The MP-5 — which has never been found — is out there on the street, Adams told the jurors. And Salomon has told three separate versions of what happened to it.
“That MP-5’s gotta have about 50 fingerprints of the maggot all over it,” Adams said, directly pointing the finger at Salomon.
“If John Paul Salomon is not reasonable doubt, that term does not exist in the English language, and it should not be used in this courtroom,” Adams said.
Adams also lambasted Morgan, who testified Wednesday that he was “partially truthful” when he was interviewed the morning of Sept. 6, 2004, by Altus police when he told them he didn’t see who shot Benny Ceniceros earlier that morning because, he said, he was “scared of the shooter.”
“No, I ain’t seen Mark like in two days, me and him, you know, we don’t kick it,” he told police that day, according to the transcript.
Morgan testified in this hearing that he had seen Prentice at his house at 608 S. Julian that night with the MP-5. However, in the preliminary hearing, when asked by Adams that if he’d told detectives on Sept. 6 that Prentice had not been to his house, whether it would be a truth or a lie, Morgan replied, “If I told the detectives that, it would be true.”
Adams pointed out that things had changed for Morgan on Sept. 20 when he and Robinson were arrested.

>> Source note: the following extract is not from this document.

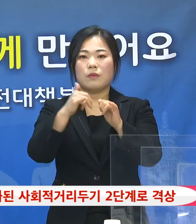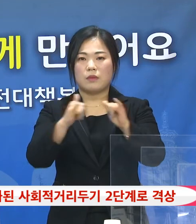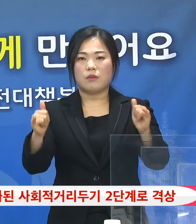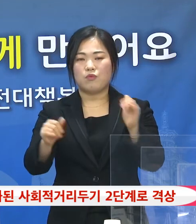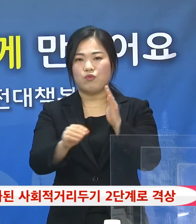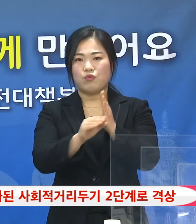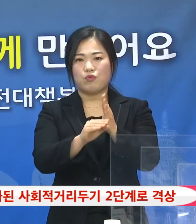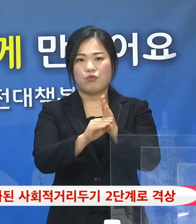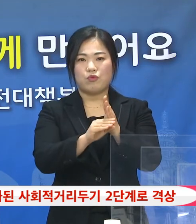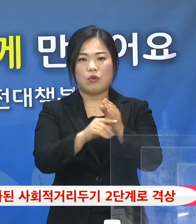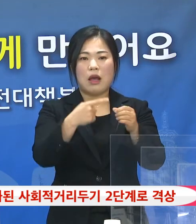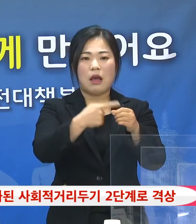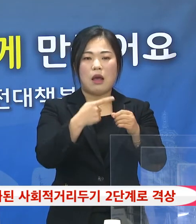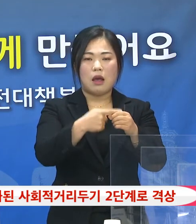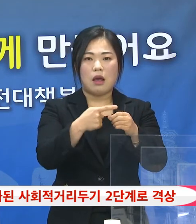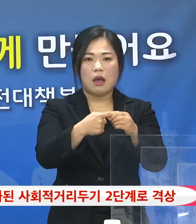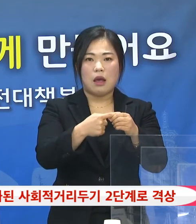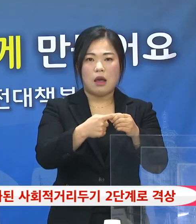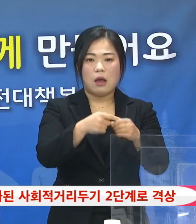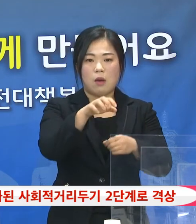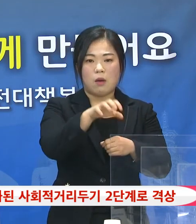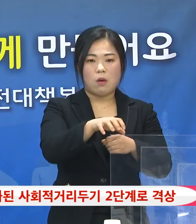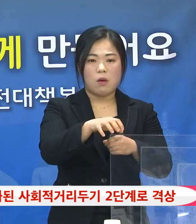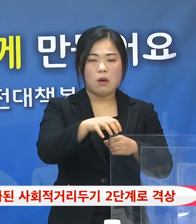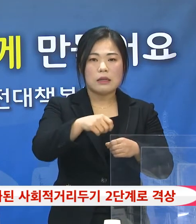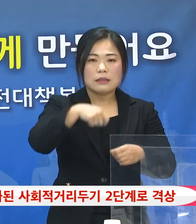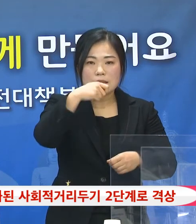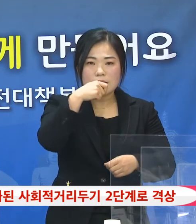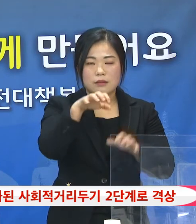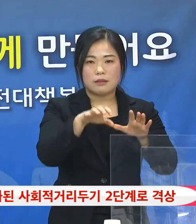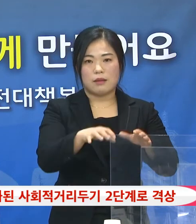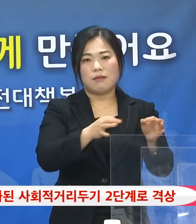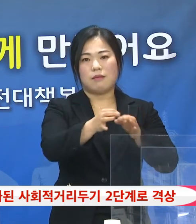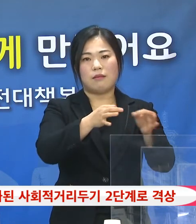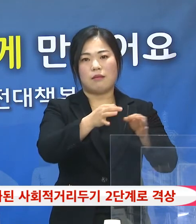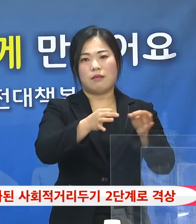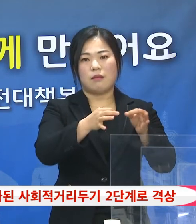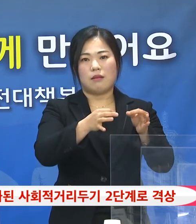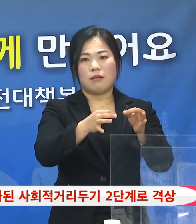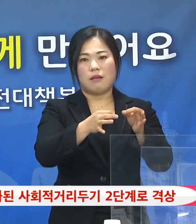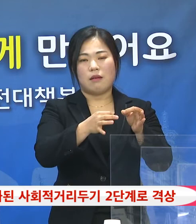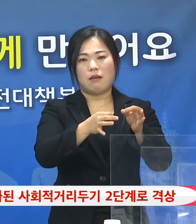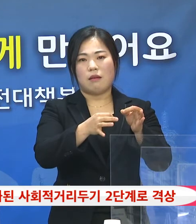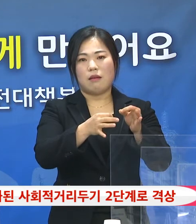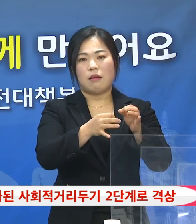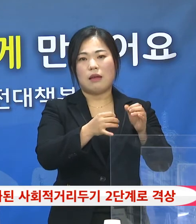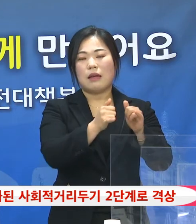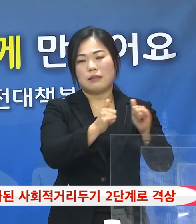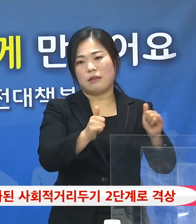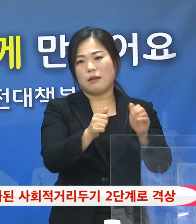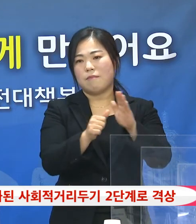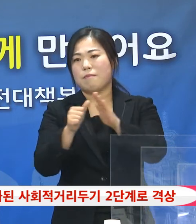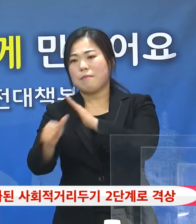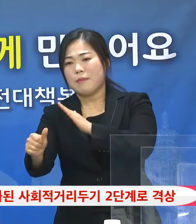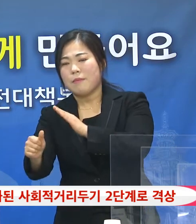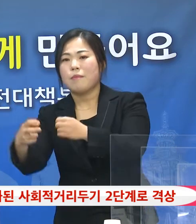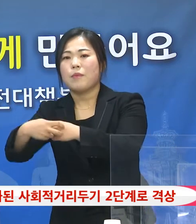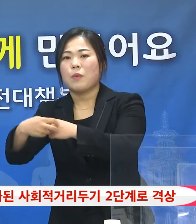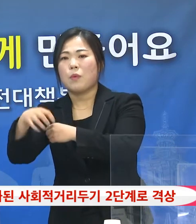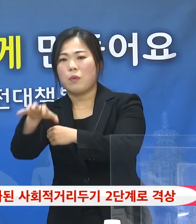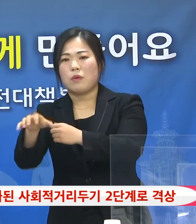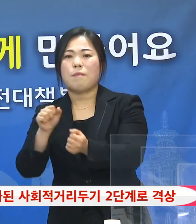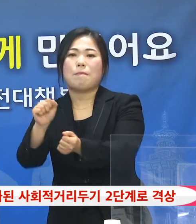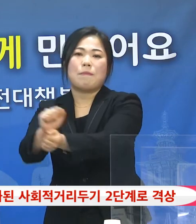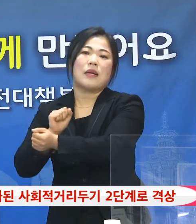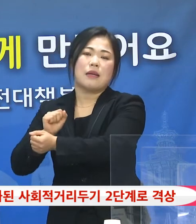안강 읍에서 식당을 운영하시던 121번 확진자가 방문했던 병원에서 감염된 것으로 파악되고 있으며

Morgan, he said, is a three time loser. “He’s looking at going to the penitentiary for life, and that’s where he should be.”
“You should be insulted,” Adams told the jury. “Let’s make one simple thing clear ... we’re not gonna be fooled. The state wants you to believe they have no deal with Lanny. Does that offend you? Does it?”
Warren promised the jury that there was no such deal with Morgan.
Morgan, who has been jailed since Sept. 20, 2004, and has not yet entered a plea on his charges, did not contact police until Dec. 4 of that year, the same day Prentice was arrested. “He’s the whole reason Mark is arrested,” Adams said. “Do you not think this guy is begging ... begging ... to get out of jail?”
Finally, Adams reminded the jury of the testimony given by Prentice’s fianc/e, Stephanie Sanchez, who testified that Prentice was at home with her when police say he shot Ceniceros.
Adams told the jurors that to find Prentice guilty, they would have to conclude that Sanchez is a liar and that Salomon and Morgan are not.
“I would like to see the fastest verdict in Jackson County,” Adams said.
In conclusion, Adams suggested to the jurors that they write a letter to District Attorney John Wampler, requesting that he “get these scumbags off our streets. Tell him to stop it.”
Warren, in her rebuttal, agreed. “Ladies and gentlemen, there are maggots out there,” she told the jurors, adding that Adams is right in asking them to write a letter. “I didn’t create the system; I work within it with what I have,” she said.
Prentice’s legal troubles are not yet over, by a long shot. He is charged with first degree murder in the shooting death of Petty, for which he faces the death penalty if convicted.
Adams and Reynolds remain as Prentice’s attorneys of record, and a motion hearing in the murder case before District Judge Richard B. Darby, who presided over this trial, was set for Jan. 3.
“Justice was done,” Adams said, “We’ll move on to a new day.”